According to one of the definitions, parsing is the syntax analysis of information. For a person who is not involved in the specific tasks of collecting and processing information for Internet projects, this does not mean anything. Yes, and the definition itself only in general terms means a huge amount of work that hundreds of millions of people and tens of millions of robots (albeit virtual, but no less real) from all over the world do every minute. But this problem is common for a person - comparing ticket prices online, choosing the right electronics on the websites of stores ... Watching prices and promotions in a convenient mobile application of the hypermarket nearest to your home, none of us will ever consider dubbing ourselves a parser.

Nevertheless, business parsing exists, works and, of course, is the subject of lively discussion at many levels of consideration: ethical, legal, technological, financial and not only.

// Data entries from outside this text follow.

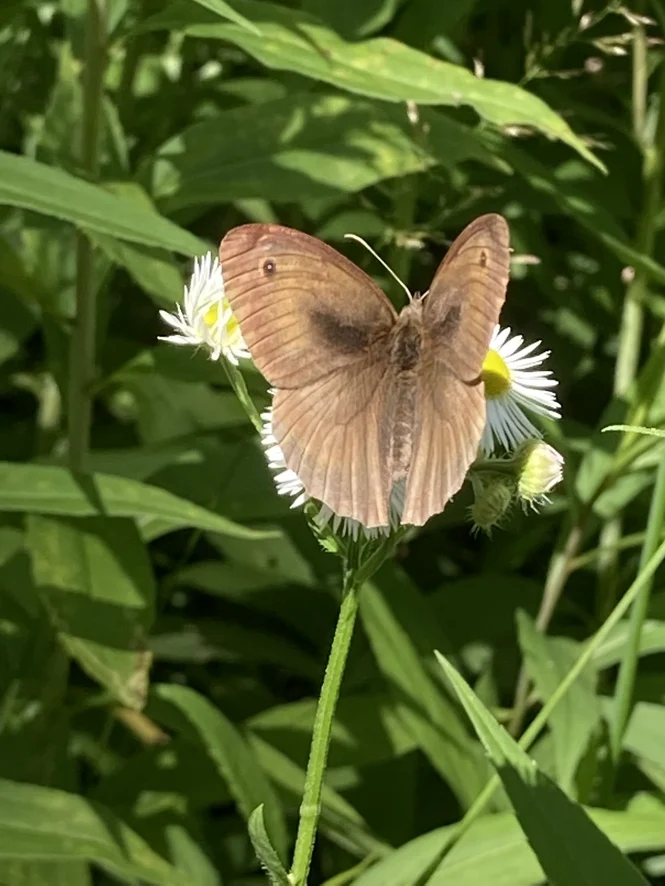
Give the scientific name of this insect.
Maniola jurtina
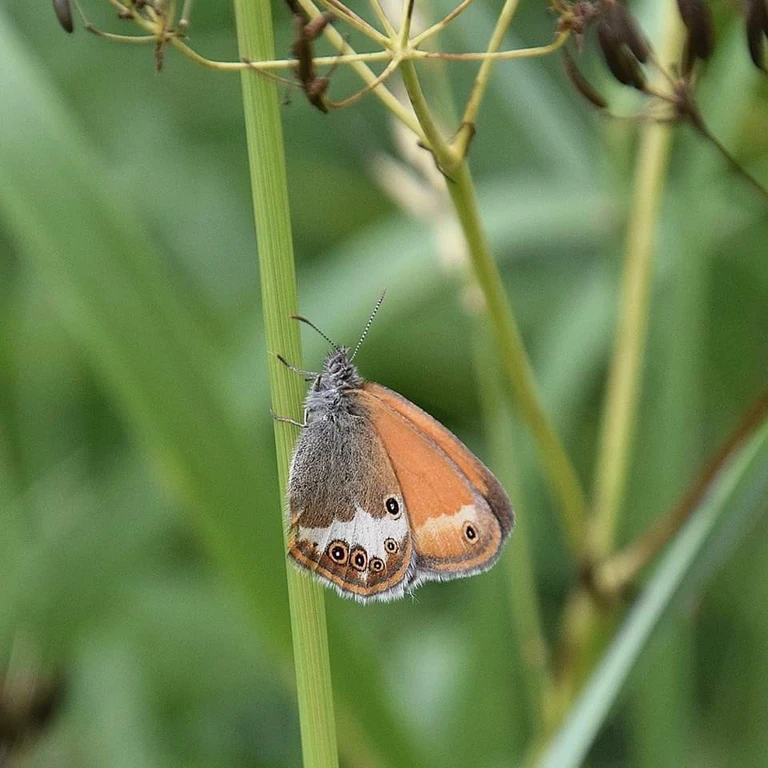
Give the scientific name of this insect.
Coenonympha arcania
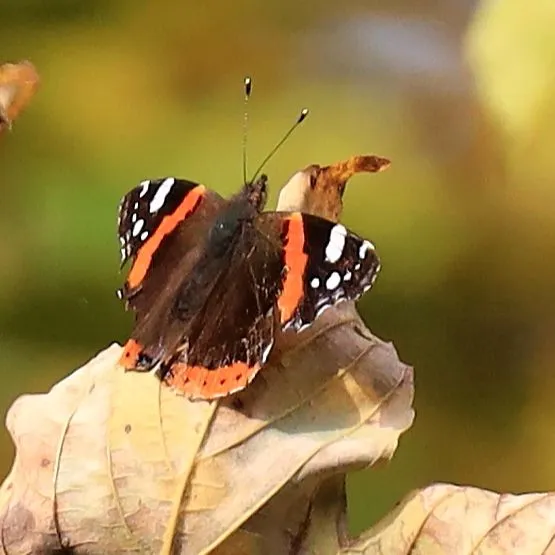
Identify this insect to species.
Vanessa atalanta
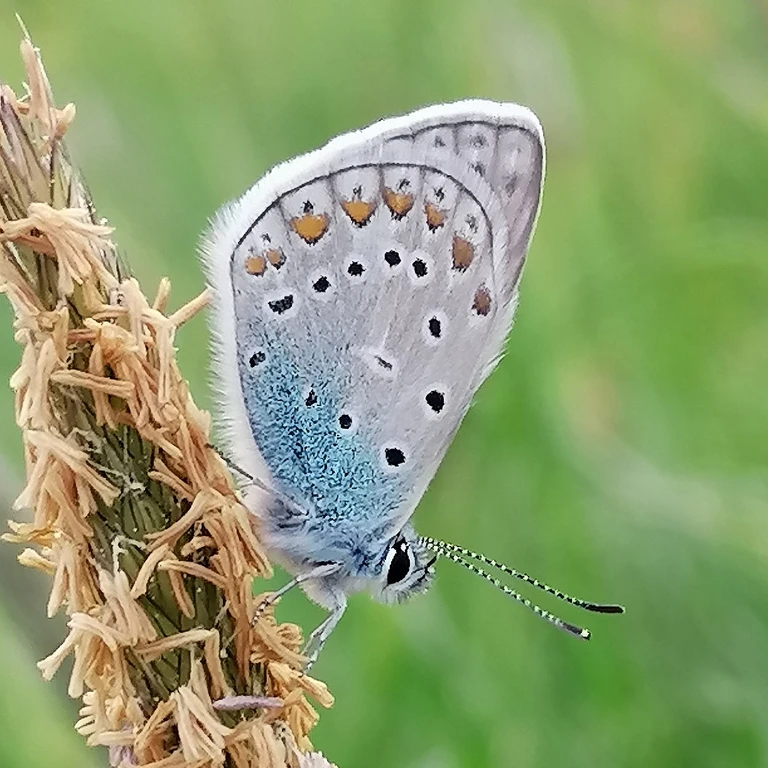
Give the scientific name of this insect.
Polyommatus icarus
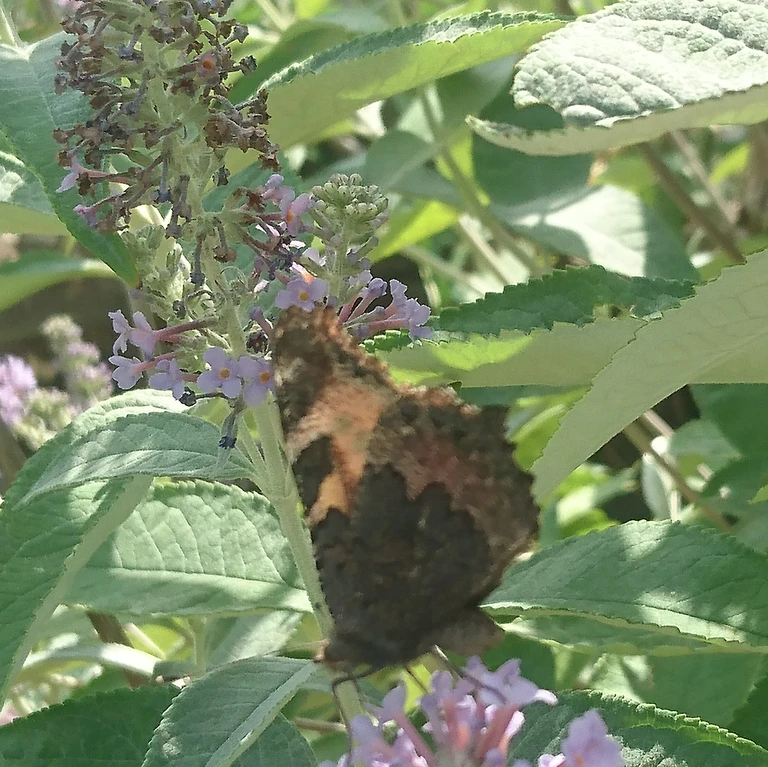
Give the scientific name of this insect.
Aglais urticae

This article does not express a definite opinion, does not give advice and does not reveal secrets - here we will only consider some of the opinions on the example of the most interesting comments to one particular
article about parsing (50k views and over 400 comments!) On Habré, interpreting them from the perspective of its experience in the tasks of parsing web projects. In other words, we spent a lot of time and tried to bring together and classify the most interesting comments of readers ... worldly wisdom, so to speak :)
So, about parsing:
')
"The case of technology." Fantastic proxies and where they live.
As the very idea of ​​parsing is natural (it is always interesting to see what happens at the “neighbors”), the basic ways of its implementation are just as simple. If you want to know, ask, but if you want to know the actual values ​​of a large data array (whether it be the prices of goods, their descriptions, volumes available for ordering or hot discounts), then you will have to “ask” a lot and often. It is clear that no one would even think of trying to collect this data manually (except for a large brigade of hardworking guys from southern countries who are not inspired by the most humane way), therefore simple effective solutions are made to the forehead: “pile” the site, configure the browser, to collect bots - and we “knock” the target site on the subject of indicators of interest, carefully write down the answers in a “notebook” in a convenient format, analyze the data collected, repeat.

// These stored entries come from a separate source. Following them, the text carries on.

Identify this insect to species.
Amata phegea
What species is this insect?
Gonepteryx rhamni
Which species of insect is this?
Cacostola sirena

Here are some approaches to the "technique of parsing" from our readers and from us:
- “Farm Selenium - and forward!” (This refers to headless browsers with BeautifulSoup-like, like Selenium / Splinter, solution). As our reader says, he wrote a small website on the docker swarm cluster to his wife to monitor merchant sites (she is an importer) so that they do not violate the ppp / mrc policy (recommended retail prices). According to the author, everything works stably, parsing economics converges - “all costs are 4 nodes for $ 3 each”. True, the proud author has only about a thousand products and a dozen parsing sites, no more :)

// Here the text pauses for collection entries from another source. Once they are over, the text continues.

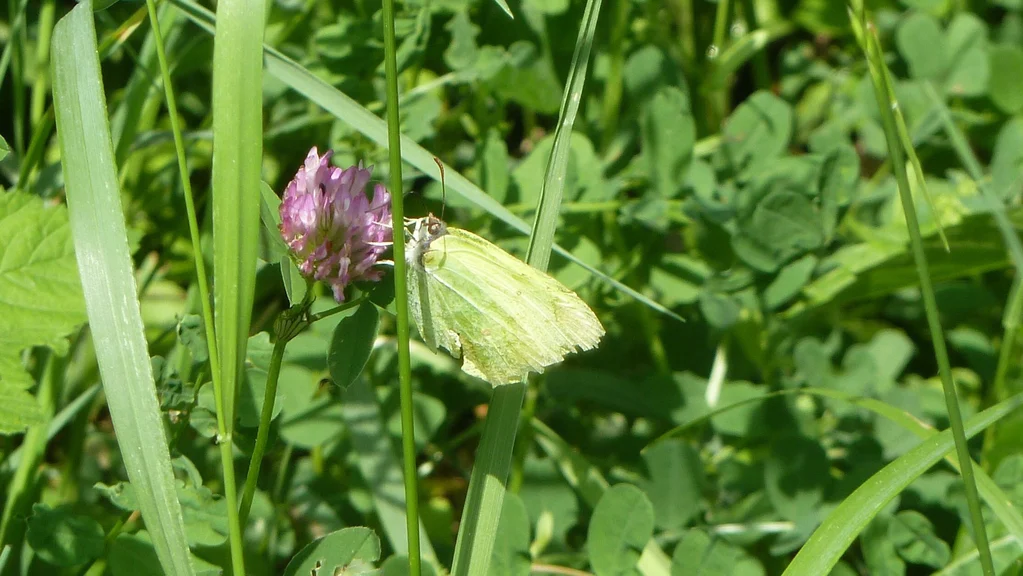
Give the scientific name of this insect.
Gonepteryx rhamni
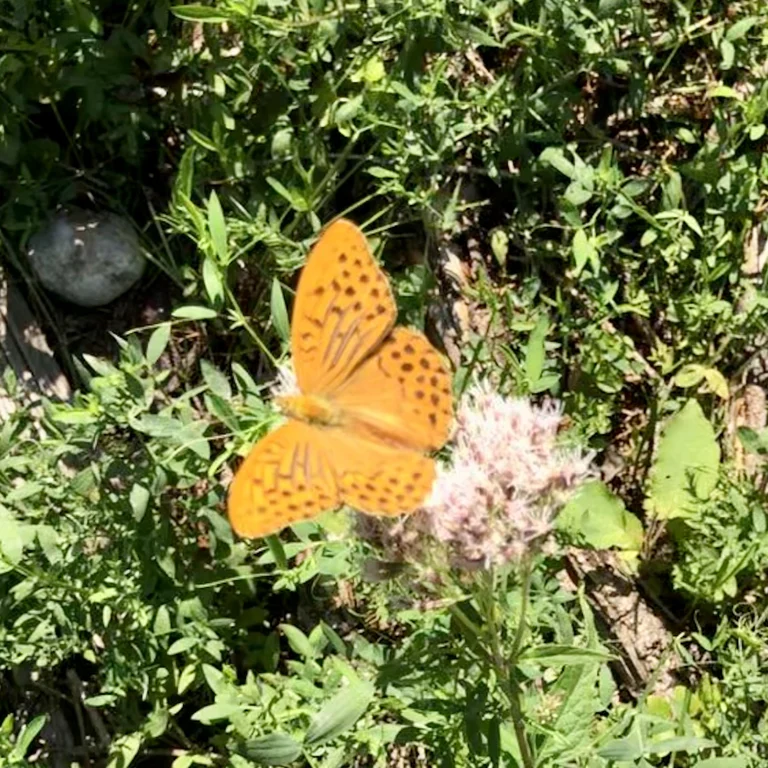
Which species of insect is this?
Argynnis paphia
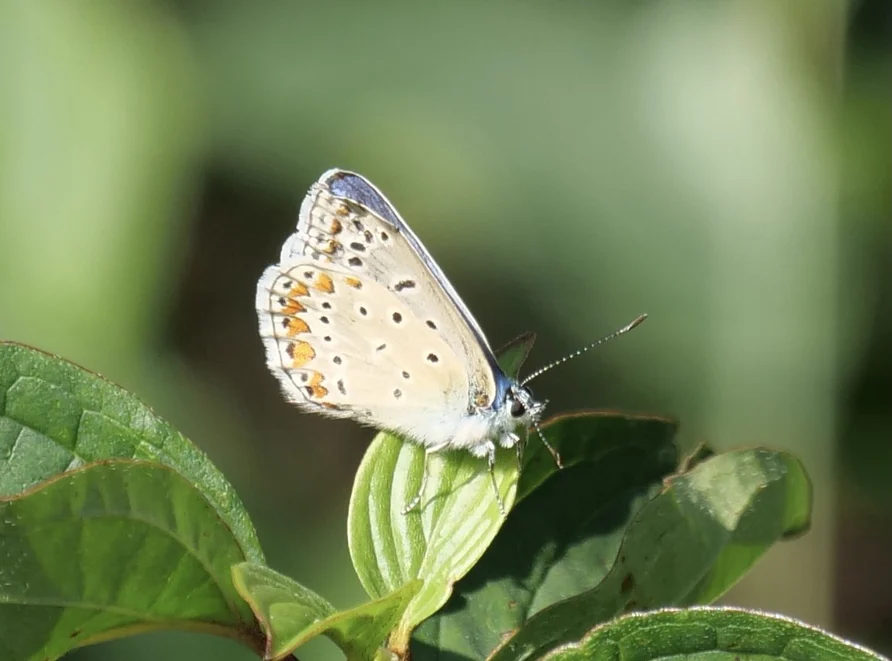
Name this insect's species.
Polyommatus icarus

- “We are launching Chromium and everything is OK, we get 1 product in 4-5 seconds, we can take ...”. It's clear that no admin will be pleased with the jumped load on the server. The site, of course, is needed in order to provide information to all those interested, but “there are many of you, but I am one,” therefore, they are especially zealously interested, of course, ignored. Well, it does not matter: Chromium comes to the rescue - if the browser is knocking on the site in the “we only ask” mode - it can be done without a queue. Indeed, in the general array of parsing tasks, in 90% of cases, parsing of html pages is done, and in “especially serious cases” (when websites are actively protected, like Yandex.Market, asking for a captcha) Chromium does it.
- "Clean proxy do-it-yourself from LTE routers / modems." There are quite working ways to configure clean proxies that are suitable for parsing search engines: a 3G / 4G modem farm or the purchase of a “white” proxy instead of a set of random “dirty” proxy servers. It is important here what programming language is used for such industrial parsing - 300 sites per day (and the correct answer is .Net! :). In fact, the Internet is full of sites with open proxy lists, 50% of which are completely working, and from these sites it is not so difficult to parse proxy lists, so that with their help you can parse other sites:) ... Well, we do that.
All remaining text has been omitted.